Laurentian Bank will be split and sold, with Fairstone taking commercial operations and National Bank acquiring retail assets in a major $1.9B restructuring.
Laurentian Bank’s Breakup Marks Major Shift in Canadian Banking
A Divided Deal Reshapes a 175-Year-Old Institution
Laurentian Bank of Canada is undergoing its most significant transformation in decades, announcing a $1.9-billion agreement that will see the bank split between two buyers. The commercial division will be acquired by Fairstone Bank of Canada, while National Bank will take over Laurentian’s retail and small-business operations at roughly book value. The announcement comes after years of strategic uncertainty and unsuccessful turnaround efforts for the 175-year-old financial institution.
Why the Sale Happened After Years of Struggle
The deal caps a prolonged period in which Laurentian attempted to modernize its operations, improve digital services, and find a buyer that met shareholder expectations. Despite its long history, the bank faced persistent technology gaps—its first mobile app launched only a few years ago—and mounting competitive pressure. Executives said the split offers a path forward that preserves the commercial strengths of the brand while providing retail clients with more robust technology through National Bank’s systems.

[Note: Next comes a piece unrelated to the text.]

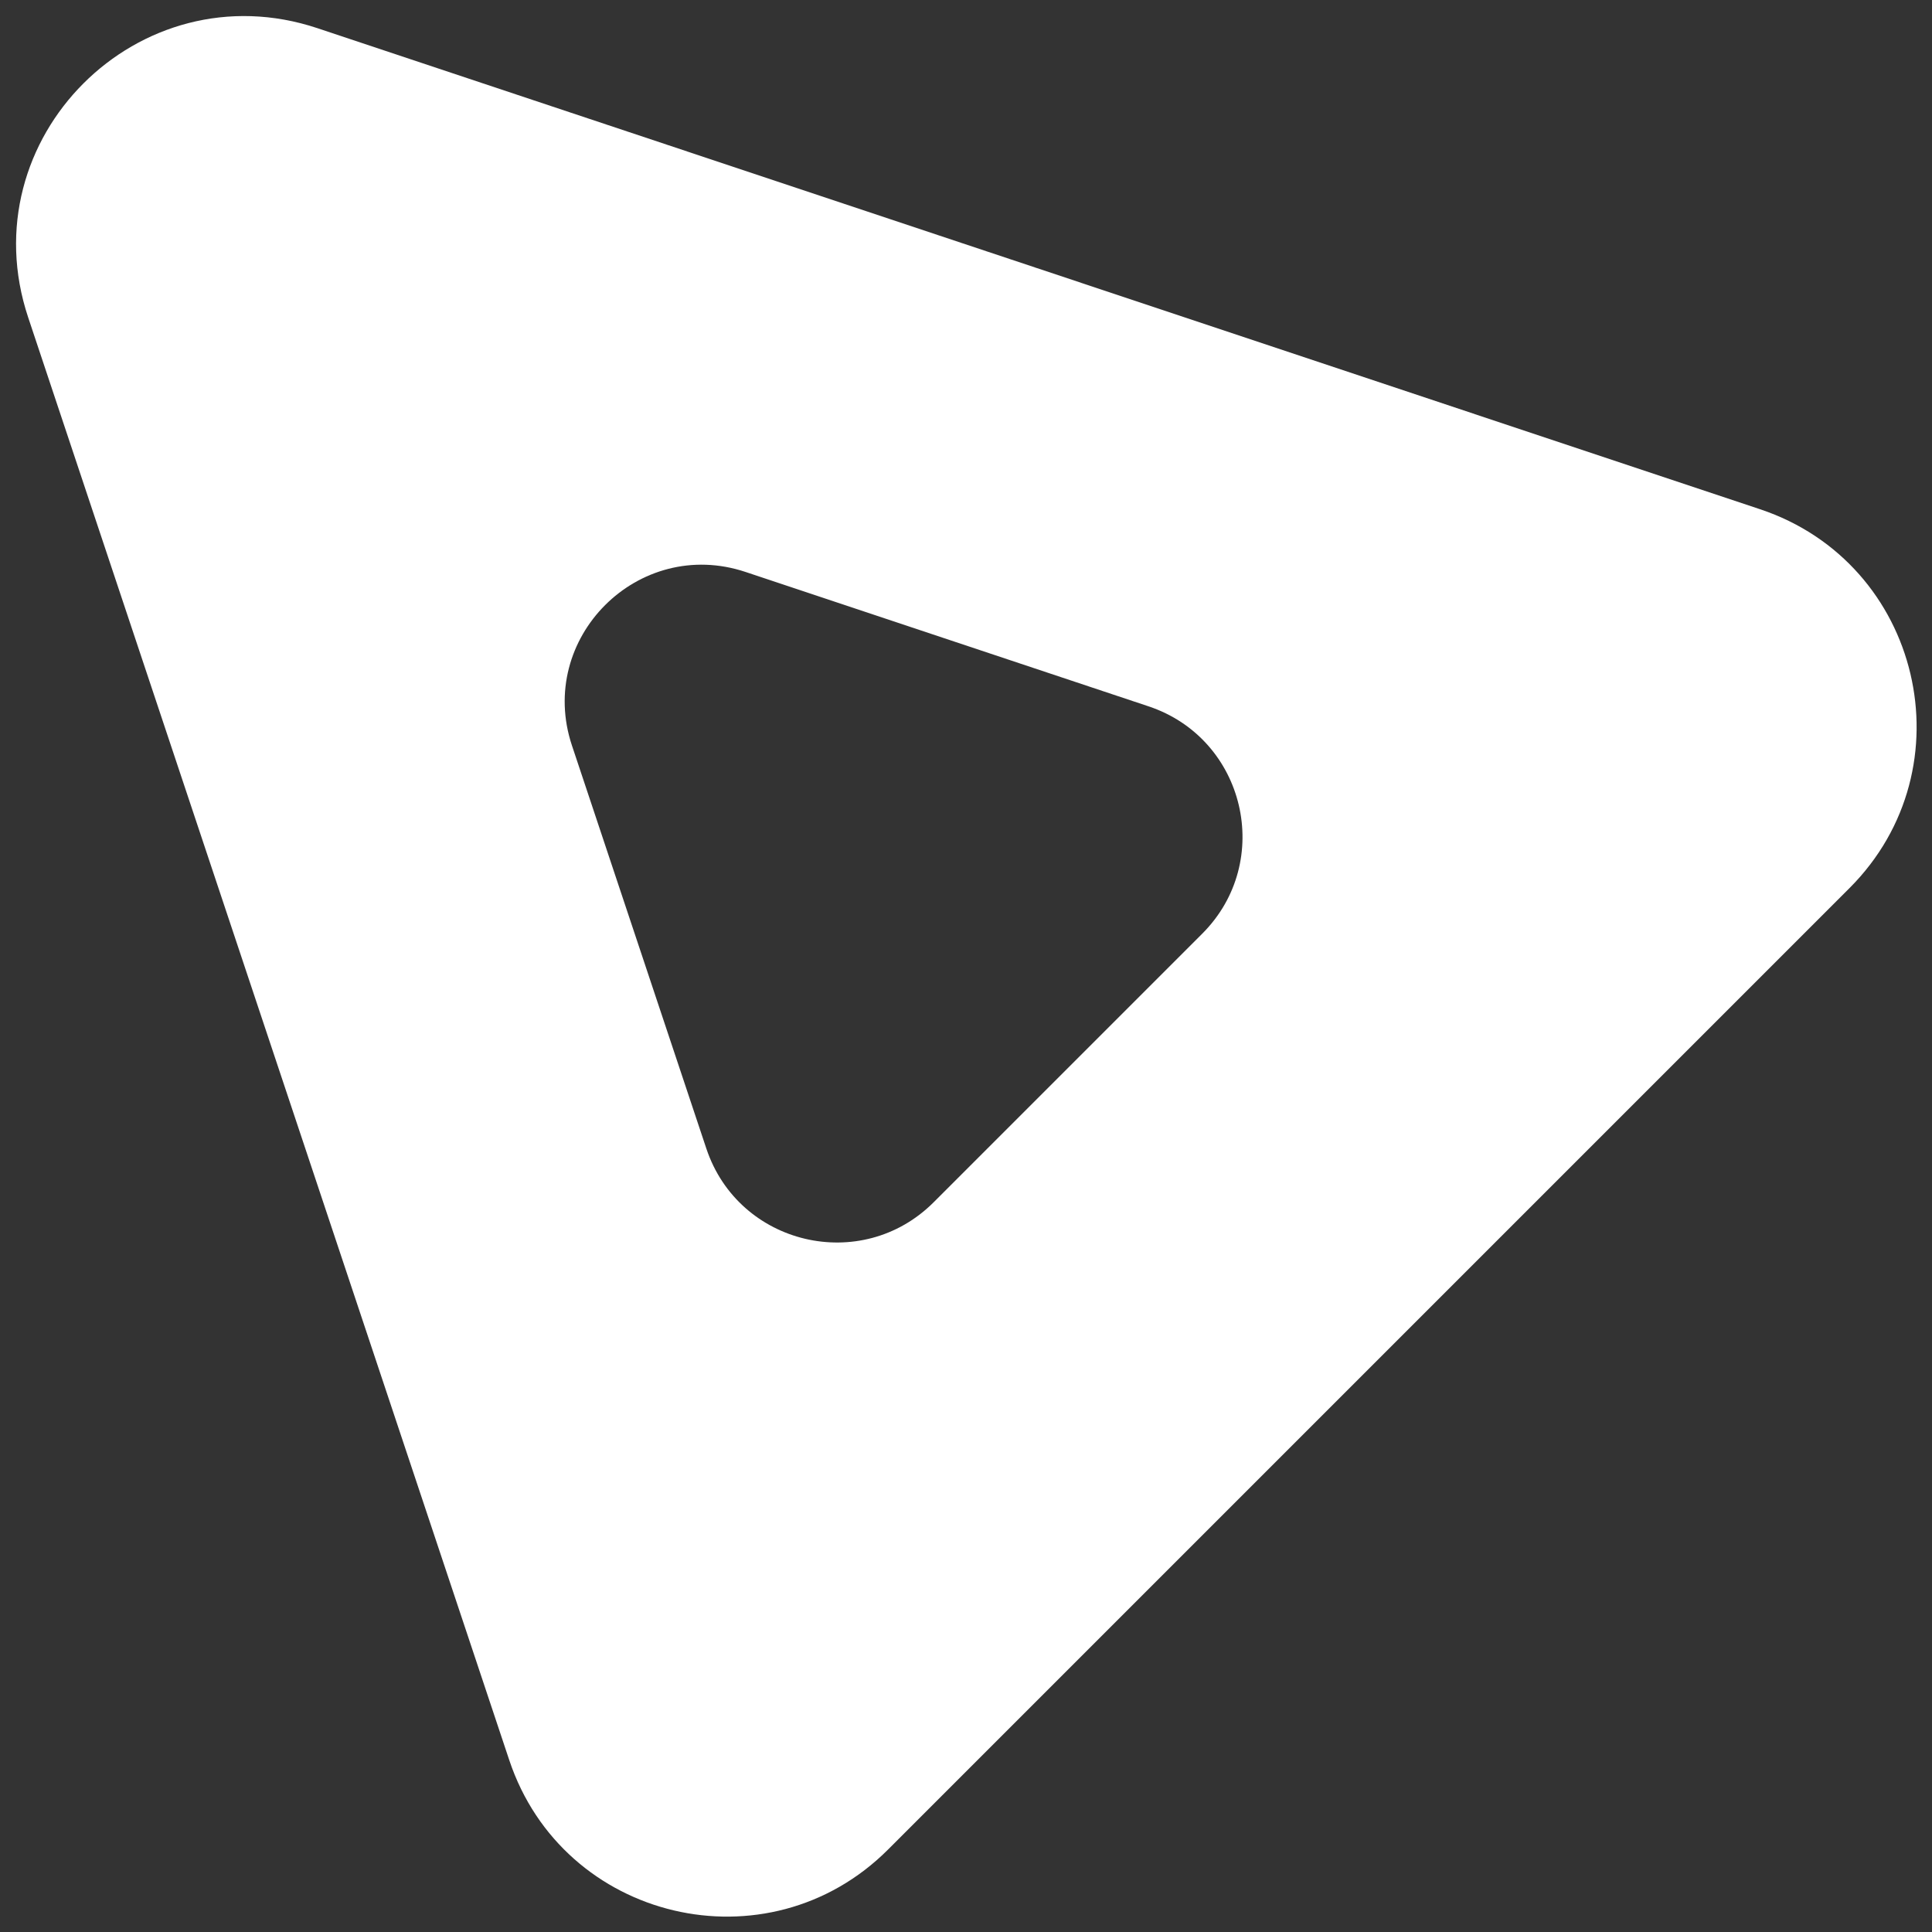 <svg width="38" height="38" viewBox="0 0 38 38" fill="none" xmlns="http://www.w3.org/2000/svg">
<rect x="0" y="0" width="38" height="38" fill="#333333" stroke="none"/>
<path fill-rule="evenodd" clip-rule="evenodd" d="M0.555 6.246C-0.619 2.728 2.728 -0.619 6.246 0.555L34.618 10.016C37.792 11.074 38.743 15.102 36.378 17.467L17.467 36.378C15.102 38.743 11.074 37.792 10.016 34.618L0.555 6.246ZM11.25 14.665C10.546 12.554 12.554 10.546 14.665 11.25L22.591 13.893C24.495 14.528 25.066 16.945 23.647 18.364L18.364 23.647C16.945 25.066 14.528 24.495 13.893 22.591L11.25 14.665Z" fill="white"/>
</svg>

What Happens to Branches, Jobs, and the Laurentian Brand
One of the most immediate impacts will be felt in Quebec, where Laurentian’s 57 branches will not transfer to National Bank. Instead, the locations and their employees will wind down, with staff offered the option to apply for roles at National. This affects much of Laurentian’s roughly 2,715-person workforce, though it remains unclear how many positions will be retained under Fairstone’s commercial division. The Laurentian brand will continue under Fairstone, which plans to keep the commercial headquarters in Montreal and maintain Éric Provost as CEO.
How the Commercial Business Will Operate Under Fairstone
Fairstone’s acquisition allows it to deepen its footprint in specialized commercial lending, including real estate financing, equipment lending, intermediary services, and capital markets. Provost said the merger strengthens Laurentian’s commercial niche while offering continuity to clients. The deal also extends Fairstone’s rapid expansion—coming just a year after its merger with Home Trust, which brought its customer base to two million.
National Bank Gains Scale Without Legacy Challenges
National Bank’s purchase includes approximately $10.9 billion in retail loans and deposits and $1.4 billion in small- and medium-business accounts. Analysts say National benefits by expanding its presence in Quebec without taking on Laurentian’s branch legacy. Jefferies analyst John Aiken called the deal a positive development, noting that acquiring assets at book value gives National an advantageous position in its home market.
Approval Process and Shareholder Support
Fairstone will pay shareholders $40.50 per Laurentian share in cash, with National’s payment determined at closing based on outstanding balances. The transaction still requires approval from two-thirds of Laurentian shareholders. The Caisse de dépôt et placement du Québec, which holds about eight per cent of shares, has already signaled its support, citing a competitive banking environment and the strategic benefits of the deal.
What Happens Next for Customers and Employees
With approvals pending, customers are expected to transition gradually, with National promising improved digital tools and expanded service options. For employees, uncertainty remains as branch operations wind down and hiring processes begin. If approved, the split is expected to mark one of the most significant restructurings of a Canadian bank in recent years—closing a chapter on Laurentian’s traditional retail presence while pushing its commercial brand into a new era under Fairstone.